§ **To do**
Work out the number of lines in the records that include the word "rect"; reply with that number alone.

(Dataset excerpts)
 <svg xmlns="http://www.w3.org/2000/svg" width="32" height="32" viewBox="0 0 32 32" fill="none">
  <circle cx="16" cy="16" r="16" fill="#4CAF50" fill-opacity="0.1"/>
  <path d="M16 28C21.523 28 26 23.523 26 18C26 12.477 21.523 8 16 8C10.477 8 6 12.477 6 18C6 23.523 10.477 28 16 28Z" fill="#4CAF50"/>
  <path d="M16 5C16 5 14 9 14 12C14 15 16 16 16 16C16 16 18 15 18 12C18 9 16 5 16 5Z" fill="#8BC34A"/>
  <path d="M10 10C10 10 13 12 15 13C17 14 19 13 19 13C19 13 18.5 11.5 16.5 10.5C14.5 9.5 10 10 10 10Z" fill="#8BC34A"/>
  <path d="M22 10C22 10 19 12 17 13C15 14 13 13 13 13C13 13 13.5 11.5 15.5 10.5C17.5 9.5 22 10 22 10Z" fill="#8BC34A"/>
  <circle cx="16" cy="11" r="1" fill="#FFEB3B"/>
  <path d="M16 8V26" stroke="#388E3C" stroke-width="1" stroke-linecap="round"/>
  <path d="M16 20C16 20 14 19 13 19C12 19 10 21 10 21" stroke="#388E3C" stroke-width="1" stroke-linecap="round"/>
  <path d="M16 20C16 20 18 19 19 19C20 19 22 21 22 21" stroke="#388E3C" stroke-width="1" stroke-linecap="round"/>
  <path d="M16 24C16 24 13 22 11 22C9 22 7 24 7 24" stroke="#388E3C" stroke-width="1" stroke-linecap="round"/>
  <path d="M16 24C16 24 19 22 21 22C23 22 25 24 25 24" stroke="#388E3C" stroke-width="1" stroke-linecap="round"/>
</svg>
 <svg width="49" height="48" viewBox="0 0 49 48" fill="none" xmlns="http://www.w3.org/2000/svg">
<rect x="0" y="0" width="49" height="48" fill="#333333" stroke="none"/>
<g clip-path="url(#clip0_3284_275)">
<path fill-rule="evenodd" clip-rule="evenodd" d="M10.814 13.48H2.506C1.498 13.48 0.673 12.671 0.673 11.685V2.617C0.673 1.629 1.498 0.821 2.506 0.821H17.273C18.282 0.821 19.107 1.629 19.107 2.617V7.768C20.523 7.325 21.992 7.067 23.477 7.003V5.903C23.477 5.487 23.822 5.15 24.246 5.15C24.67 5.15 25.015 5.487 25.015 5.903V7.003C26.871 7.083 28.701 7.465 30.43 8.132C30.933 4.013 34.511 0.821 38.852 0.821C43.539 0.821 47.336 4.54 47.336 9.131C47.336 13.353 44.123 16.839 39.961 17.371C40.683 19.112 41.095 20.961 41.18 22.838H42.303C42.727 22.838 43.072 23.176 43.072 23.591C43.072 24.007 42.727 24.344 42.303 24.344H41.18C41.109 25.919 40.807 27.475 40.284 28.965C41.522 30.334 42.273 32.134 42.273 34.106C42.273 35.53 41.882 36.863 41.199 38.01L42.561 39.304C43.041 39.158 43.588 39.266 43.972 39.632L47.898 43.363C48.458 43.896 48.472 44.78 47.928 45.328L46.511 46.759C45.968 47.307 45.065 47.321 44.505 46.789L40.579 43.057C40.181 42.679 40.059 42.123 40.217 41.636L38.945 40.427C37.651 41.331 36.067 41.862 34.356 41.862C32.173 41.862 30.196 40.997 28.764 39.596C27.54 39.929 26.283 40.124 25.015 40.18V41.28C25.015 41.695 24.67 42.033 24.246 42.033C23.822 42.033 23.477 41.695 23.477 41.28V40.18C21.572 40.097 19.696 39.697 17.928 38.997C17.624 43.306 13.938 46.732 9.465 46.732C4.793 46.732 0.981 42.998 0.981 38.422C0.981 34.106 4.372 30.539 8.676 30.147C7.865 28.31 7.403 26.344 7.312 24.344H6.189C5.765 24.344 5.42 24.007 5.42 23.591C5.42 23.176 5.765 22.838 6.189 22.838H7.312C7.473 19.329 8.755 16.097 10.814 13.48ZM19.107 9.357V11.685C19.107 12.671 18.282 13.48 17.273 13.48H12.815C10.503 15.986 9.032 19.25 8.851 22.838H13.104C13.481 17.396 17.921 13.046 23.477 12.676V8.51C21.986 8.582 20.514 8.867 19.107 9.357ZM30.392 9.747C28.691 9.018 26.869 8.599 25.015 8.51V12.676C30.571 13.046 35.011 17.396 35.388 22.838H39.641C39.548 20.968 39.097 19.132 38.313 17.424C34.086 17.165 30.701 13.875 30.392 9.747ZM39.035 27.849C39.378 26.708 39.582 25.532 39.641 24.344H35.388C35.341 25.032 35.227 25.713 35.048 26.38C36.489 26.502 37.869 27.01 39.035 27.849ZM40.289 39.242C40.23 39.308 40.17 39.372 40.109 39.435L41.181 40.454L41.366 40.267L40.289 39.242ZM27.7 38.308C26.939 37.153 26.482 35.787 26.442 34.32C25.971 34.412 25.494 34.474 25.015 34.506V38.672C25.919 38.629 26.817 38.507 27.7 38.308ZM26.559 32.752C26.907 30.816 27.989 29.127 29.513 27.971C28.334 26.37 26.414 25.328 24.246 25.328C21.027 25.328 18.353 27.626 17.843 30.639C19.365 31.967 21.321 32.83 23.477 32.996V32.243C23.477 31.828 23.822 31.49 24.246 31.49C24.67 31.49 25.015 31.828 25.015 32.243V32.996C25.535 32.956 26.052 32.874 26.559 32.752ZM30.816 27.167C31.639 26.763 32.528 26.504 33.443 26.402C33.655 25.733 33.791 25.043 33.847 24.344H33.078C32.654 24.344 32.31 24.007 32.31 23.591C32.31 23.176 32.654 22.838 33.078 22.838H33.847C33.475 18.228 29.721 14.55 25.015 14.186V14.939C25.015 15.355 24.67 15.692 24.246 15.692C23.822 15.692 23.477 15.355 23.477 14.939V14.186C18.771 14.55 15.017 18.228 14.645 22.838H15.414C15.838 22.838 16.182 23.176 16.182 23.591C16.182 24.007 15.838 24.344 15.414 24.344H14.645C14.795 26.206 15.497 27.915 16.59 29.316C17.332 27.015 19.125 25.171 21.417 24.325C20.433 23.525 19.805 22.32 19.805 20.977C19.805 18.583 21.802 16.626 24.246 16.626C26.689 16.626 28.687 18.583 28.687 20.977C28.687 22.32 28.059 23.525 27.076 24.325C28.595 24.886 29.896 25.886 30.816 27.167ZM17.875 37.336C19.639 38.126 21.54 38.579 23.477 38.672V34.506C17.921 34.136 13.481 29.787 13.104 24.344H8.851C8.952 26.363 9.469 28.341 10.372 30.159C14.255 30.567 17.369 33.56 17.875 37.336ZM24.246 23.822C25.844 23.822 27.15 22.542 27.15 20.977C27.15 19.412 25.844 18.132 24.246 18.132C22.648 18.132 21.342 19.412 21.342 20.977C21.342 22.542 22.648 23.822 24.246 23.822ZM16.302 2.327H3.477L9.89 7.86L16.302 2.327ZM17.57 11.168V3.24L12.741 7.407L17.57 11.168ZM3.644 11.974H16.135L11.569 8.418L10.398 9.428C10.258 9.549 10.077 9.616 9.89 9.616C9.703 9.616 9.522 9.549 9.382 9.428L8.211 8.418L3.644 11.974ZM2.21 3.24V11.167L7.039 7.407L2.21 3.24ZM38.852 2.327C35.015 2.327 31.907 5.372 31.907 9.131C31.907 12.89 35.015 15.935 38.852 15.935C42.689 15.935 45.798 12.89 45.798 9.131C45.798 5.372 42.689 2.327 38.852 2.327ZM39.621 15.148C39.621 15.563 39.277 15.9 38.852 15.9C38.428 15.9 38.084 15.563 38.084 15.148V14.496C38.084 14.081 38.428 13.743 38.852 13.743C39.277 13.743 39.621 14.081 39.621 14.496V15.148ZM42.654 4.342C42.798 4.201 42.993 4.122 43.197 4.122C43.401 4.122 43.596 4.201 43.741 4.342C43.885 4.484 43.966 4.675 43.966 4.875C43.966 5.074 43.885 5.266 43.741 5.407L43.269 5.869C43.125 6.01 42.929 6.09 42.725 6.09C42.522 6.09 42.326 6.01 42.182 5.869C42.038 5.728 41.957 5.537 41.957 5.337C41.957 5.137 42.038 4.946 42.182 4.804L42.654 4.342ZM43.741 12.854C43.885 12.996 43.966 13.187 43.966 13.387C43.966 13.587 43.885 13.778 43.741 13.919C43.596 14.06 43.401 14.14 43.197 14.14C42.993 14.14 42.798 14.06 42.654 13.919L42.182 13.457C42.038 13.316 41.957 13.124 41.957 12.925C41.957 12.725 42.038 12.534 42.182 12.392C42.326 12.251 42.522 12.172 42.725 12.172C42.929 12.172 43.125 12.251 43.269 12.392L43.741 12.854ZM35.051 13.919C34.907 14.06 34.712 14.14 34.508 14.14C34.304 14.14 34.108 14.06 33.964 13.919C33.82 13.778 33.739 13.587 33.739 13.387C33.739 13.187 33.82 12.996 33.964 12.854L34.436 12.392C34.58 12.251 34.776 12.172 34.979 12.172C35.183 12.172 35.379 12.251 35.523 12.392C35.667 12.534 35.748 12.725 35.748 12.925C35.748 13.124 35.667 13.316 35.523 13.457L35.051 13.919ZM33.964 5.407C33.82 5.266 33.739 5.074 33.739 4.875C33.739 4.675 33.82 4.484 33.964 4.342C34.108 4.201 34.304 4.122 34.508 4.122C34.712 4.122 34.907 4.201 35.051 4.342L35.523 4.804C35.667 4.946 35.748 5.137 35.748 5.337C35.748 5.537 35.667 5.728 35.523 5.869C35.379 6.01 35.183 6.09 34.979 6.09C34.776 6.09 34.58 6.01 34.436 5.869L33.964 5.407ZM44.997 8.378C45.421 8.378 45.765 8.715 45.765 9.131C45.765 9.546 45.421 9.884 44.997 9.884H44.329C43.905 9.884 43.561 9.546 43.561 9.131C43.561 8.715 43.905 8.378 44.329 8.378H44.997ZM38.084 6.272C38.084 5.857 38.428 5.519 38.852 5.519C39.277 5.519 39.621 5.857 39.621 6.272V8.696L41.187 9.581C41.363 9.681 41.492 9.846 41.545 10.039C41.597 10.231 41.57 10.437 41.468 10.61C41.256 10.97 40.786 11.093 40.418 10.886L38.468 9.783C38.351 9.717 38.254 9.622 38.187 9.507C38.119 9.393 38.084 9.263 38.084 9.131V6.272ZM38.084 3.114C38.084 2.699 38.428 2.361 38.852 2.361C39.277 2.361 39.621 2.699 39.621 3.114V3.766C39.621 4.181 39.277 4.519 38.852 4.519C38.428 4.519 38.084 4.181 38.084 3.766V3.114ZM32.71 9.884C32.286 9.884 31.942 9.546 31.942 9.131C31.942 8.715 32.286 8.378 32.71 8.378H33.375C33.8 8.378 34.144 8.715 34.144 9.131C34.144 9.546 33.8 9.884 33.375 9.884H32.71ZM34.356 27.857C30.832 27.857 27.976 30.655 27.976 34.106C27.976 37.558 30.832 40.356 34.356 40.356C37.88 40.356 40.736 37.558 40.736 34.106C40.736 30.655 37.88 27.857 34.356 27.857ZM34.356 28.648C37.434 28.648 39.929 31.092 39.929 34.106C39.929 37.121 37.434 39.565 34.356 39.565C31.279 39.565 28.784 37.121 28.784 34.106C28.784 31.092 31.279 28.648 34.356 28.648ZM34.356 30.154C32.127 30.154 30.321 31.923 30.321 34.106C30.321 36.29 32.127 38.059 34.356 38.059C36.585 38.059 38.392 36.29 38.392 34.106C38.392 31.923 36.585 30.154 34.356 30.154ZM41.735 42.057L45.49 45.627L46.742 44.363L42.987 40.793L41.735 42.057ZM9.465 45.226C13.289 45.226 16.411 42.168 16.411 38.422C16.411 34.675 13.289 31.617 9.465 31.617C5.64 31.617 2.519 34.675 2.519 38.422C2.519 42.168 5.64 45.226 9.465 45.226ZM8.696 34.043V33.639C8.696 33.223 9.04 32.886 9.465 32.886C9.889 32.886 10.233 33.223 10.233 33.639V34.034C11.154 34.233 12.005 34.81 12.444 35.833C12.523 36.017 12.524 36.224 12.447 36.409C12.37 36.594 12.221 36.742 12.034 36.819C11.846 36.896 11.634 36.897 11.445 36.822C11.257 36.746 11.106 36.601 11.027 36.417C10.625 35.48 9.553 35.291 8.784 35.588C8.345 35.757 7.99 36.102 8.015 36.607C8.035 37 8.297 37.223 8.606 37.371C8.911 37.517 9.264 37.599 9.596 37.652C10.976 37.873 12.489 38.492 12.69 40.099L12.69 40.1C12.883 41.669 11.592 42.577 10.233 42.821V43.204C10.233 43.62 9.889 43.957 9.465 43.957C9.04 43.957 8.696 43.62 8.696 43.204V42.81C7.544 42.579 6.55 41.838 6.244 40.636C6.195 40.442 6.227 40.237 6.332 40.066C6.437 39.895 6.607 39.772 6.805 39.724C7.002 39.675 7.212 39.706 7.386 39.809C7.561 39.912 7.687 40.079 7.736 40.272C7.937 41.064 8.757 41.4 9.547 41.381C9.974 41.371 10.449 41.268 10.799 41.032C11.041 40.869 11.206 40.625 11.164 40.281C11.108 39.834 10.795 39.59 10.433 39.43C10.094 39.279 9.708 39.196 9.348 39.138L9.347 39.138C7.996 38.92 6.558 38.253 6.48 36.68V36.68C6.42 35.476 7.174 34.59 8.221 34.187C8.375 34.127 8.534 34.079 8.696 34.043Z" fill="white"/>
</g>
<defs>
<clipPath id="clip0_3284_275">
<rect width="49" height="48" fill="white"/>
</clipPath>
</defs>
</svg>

§ **Response for this exercise**
2